The threat called FLocker (short for “Frantic Locker”) has been on the scene for a year already, and its creators are trying hard to keep it alive. Usually, Flocker is delivered to users via spam SMS or malicious links.
“The latest variant of FLocker is a police Trojan that pretends to be US Cyber Police or another law enforcement agency, and it accuses potential victims of crimes they didn’t commit. It then demands 200 USD worth of iTunes gift cards,” the security experts said. “Based on our analysis, there is also no major difference between a FLocker variant that can infect a mobile device and one that affects smart TVs.”
FLocker is very good at hiding itself, and it is able to fool static code analysis, and to bypass dynamic sandbox protection.
After infecting a device, the threat waits 30 minutes before running and then it contacts its C&C. The C&C delivers a new APK file and the ransom note, a HTML file with a JavaScript (JS) interface enabled, which initiates the APK installation, takes photos of the affected user, and displays the photos taken in the ransom page.

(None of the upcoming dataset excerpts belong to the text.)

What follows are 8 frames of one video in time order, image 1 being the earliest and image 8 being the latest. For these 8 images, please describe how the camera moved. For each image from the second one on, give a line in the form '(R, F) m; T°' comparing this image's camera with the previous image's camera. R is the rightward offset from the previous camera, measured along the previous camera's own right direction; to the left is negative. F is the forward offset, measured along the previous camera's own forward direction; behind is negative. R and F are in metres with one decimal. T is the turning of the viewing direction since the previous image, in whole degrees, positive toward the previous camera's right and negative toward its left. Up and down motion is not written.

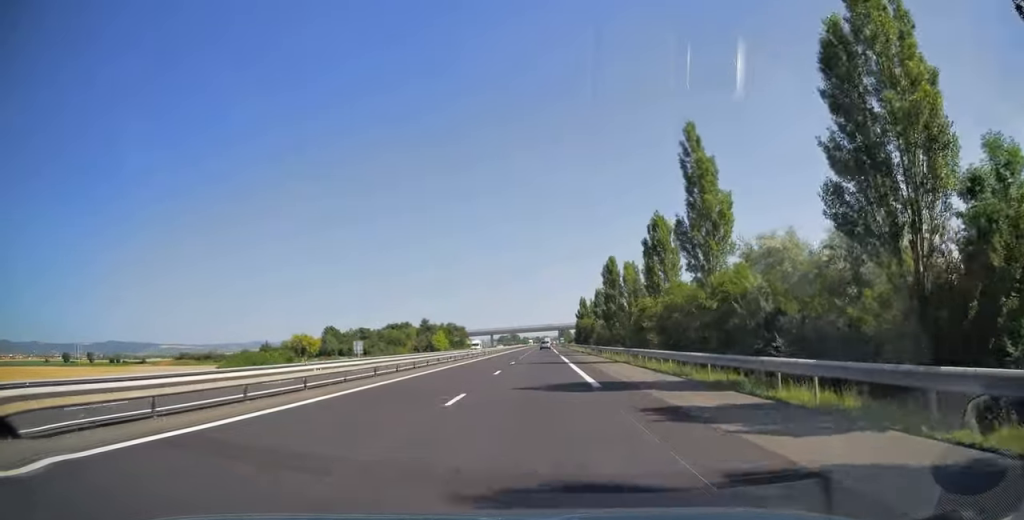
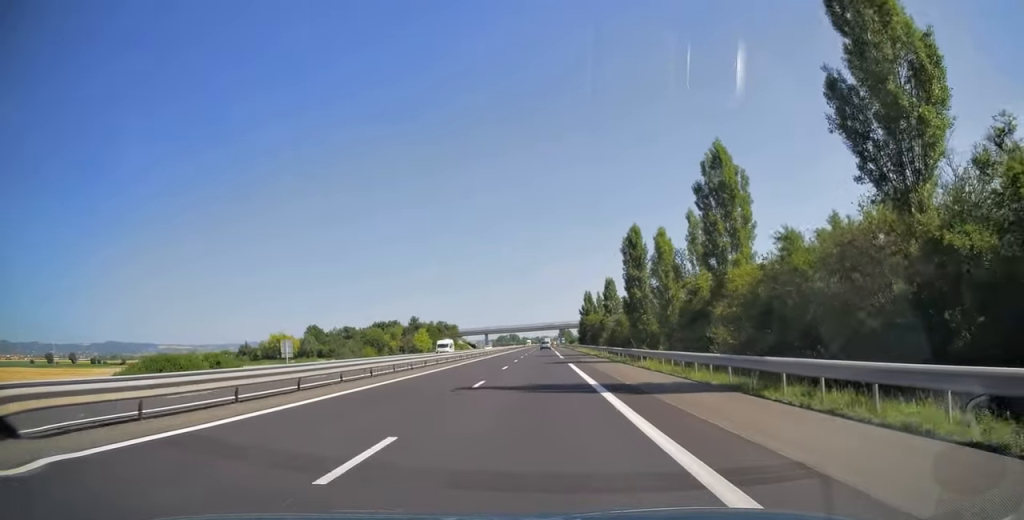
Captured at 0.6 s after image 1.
(0.0, +20.5) m; 0°
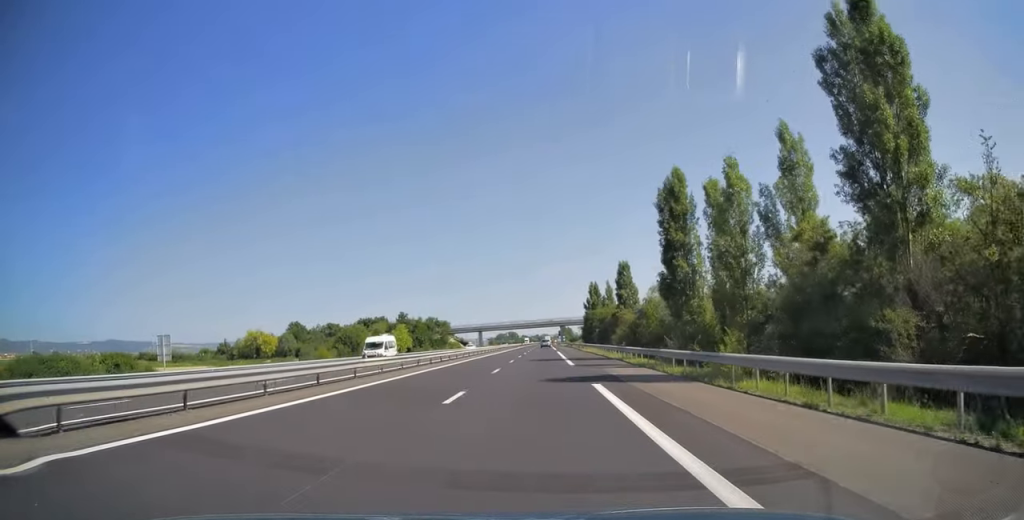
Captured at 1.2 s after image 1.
(0.0, +18.3) m; 0°
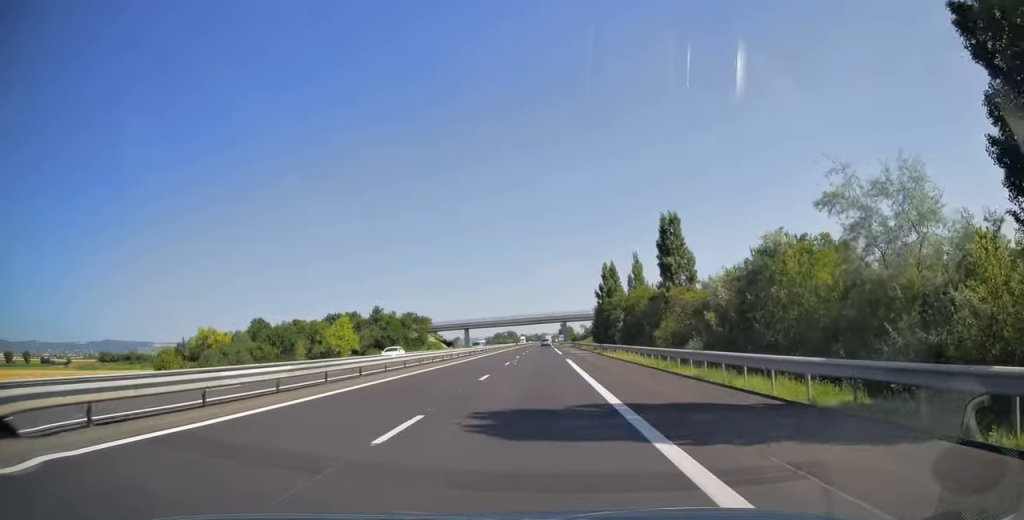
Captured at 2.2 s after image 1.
(0.0, +31.2) m; 0°
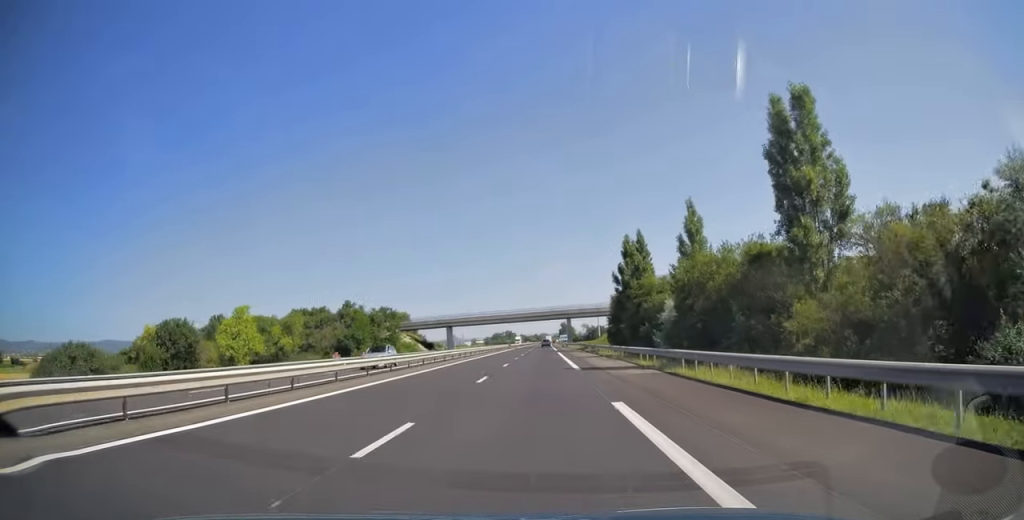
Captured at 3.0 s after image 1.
(0.0, +26.9) m; 0°
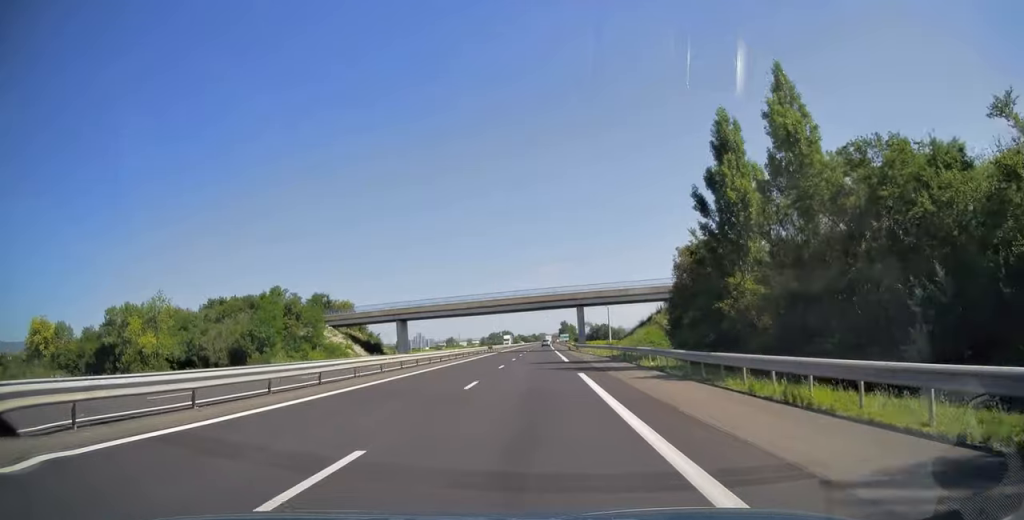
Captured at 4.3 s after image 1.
(+0.1, +41.5) m; 0°
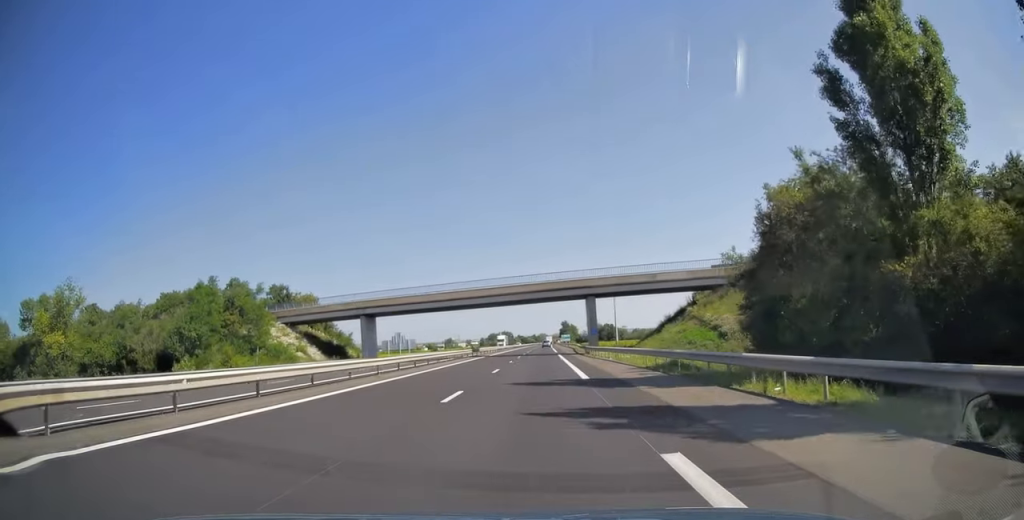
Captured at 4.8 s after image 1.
(0.0, +16.7) m; 0°
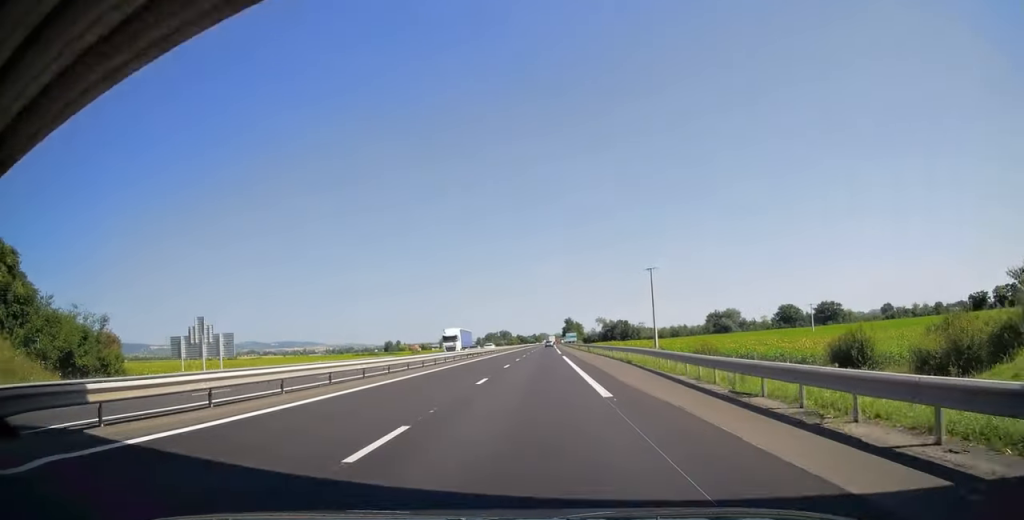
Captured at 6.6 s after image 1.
(0.0, +58.6) m; 0°

The security experts claim that FLocker avoids targeting users located in Kazakhstan, Azerbaijan, Bulgaria, Georgia, Hungary, Ukraine, Russia, Armenia and Belarus, but the threat goes after all others.
The victims of FLocker receive a localized ransom message which spots their IP address and photo, and this could be more than enough for the victims to start panicking and pay the fine. Nevertheless, the fact that it is paid by buying an iTunes Gift Card and typing in the card code might return users to their senses – who ever saw any “cyber police” requiring iTunes gift cards in lieu of a cash fine?
“If an Android TV gets infected, we suggest user to contact the device vendor for solution at first,” the experts said. “Another way of removing the malware is possible if the user can enable ADB debugging. Users can connect their device with a PC and launch the ADB shell and execute the command ‘PM clear %pkg%’. This kills the ransomware process and unlocks the screen. Users can then deactivate the device admin privilege granted to the application and uninstall the app.”